Flu Vaccines: Current and Novel Approach

Flu Vaccine is an annual vaccination using a vaccine that is specific for a given year to protect against the highly variable influenza virus. Risk management and effectiveness of vaccines are important for public health. In the United States, NIAID laboratories are developing novel vaccine candidates for seasonal influenza viruses and for avian strains with pandemic potential.
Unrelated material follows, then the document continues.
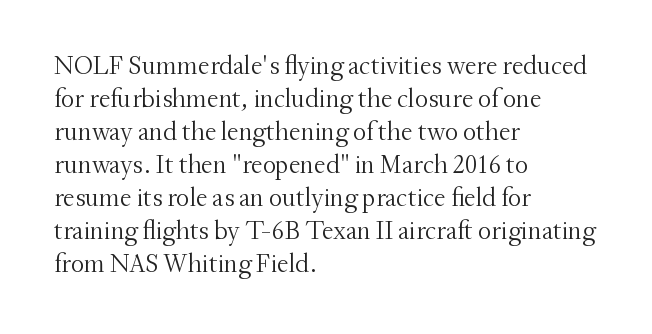
The image shows 26 px text type, upright; set left-aligned, normal line spacing (1.27x), normal letter spacing, not underlined.

In late 2006, the NIAID Vaccine Research Center initiated the first human trial of an investigational DNA vaccine against the H5N1 avian influenza virus, a strain that has infected and continues to threaten humans. In addition, researchers in the NIAID Laboratory of Infectious Diseases are working with MedImmune to generate candidate live-attenuated vaccines for a broad range of influenza subtypes with pandemic potential. To date, five of these vaccine candidates have advanced to Phase I clinical trials. Many Ebola vaccine candidates had been developed in the decade prior to 2014, but none has yet been approved for clinical use in humans.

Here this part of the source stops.